BMC Software (BMC), which is a top pick for Larry Robbins' Glenview Capital, was the second largest stock in the Bridgewater Associates portfolio at the end of the fourth quarter. The fund had $26.96 million or 822,460 shares in the company at the end of December. Bridgewater had initiated an 85,705-share position in the company during the third quarter, which was valued at $3.31 million at the end of September.
BMC recently traded at $37.10 a share on a mean one-year target estimate of $41.95 (range $34 to $49). The company does not pay a dividend and is priced at 13.4 times its 2012 earnings. Looking at CA Technologies, one of BMC's primary competitors, we are not impressed. CA recently traded at $27.05 a share in a mean one-year target estimate of $27.78. It pays a $1.00 dividend (3.70% yield) and is priced at 12.7 times its 2012 earnings. BMC has greater upside but CA is priced lower and pays a dividend.
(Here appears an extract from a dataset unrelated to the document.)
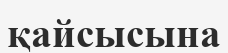
қайсысына
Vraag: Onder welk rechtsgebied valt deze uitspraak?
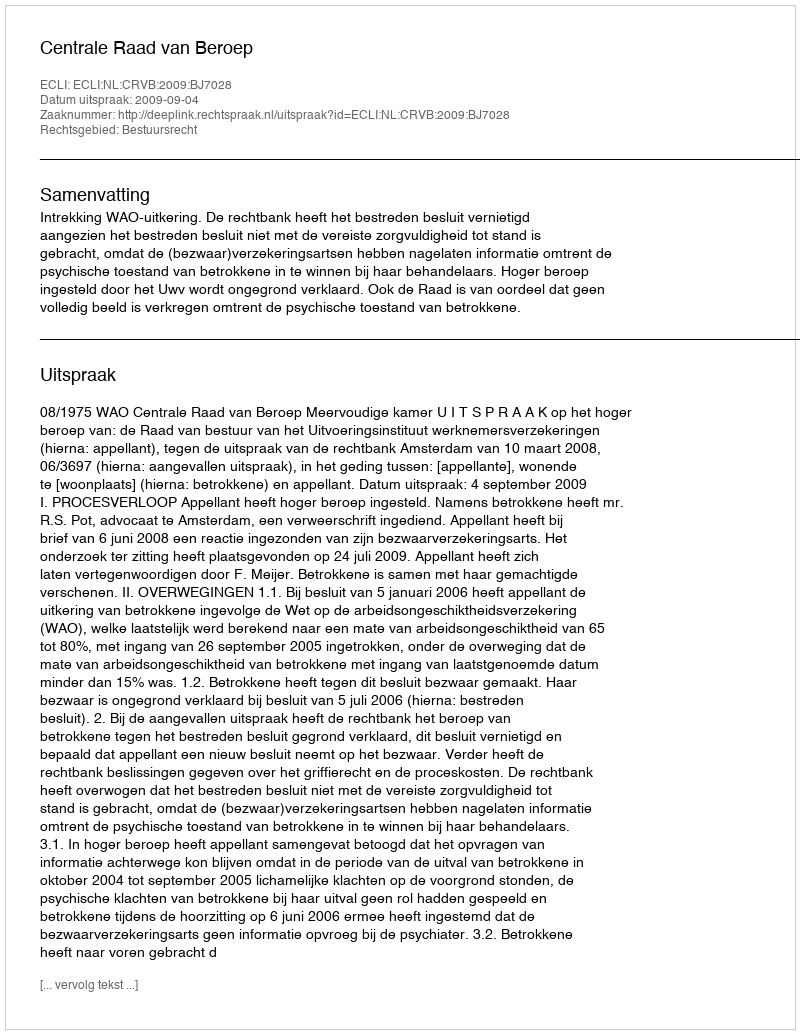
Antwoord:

We like CA better.
Bridgewater Associates was also bullish about Dell Inc (DELL) during the fourth quarter. The fund had a stake in the company worth $26.67 million or 1.82 million shares at the end of December, up from just 1.38 million shares worth $19.50 million at the end of September. Dell recently traded at $17.36 a share on a mean one-year target estimate of $19.05 (range $14 to $23). The company does not pay a dividend and is priced at 8.2 times its forward earnings.
Looking at a competitor like Hewlett Packard (HPQ), Dell has less estimated upside - Hewlett Packard recently traded at $25.32 a share on a mean one-year target estimate of $30.48. There is also the fact that Hewlett Packard offers a pretty decent dividend of 48 cents (1.9% yield) whereas Dell does not. Hewlett Packard is also priced lower at just 6.3 times its forward earnings, making it the better pick all around at their current pricing.
We wouldn't recommend either one for investors looking for strong growth. Within this sector, investors would enjoy much more upside and much less risk investing in a company like Apple (AAPL) or Google (GOOG) that has strong expected upside, is trading low relative to its future earnings and has strong growth estimates.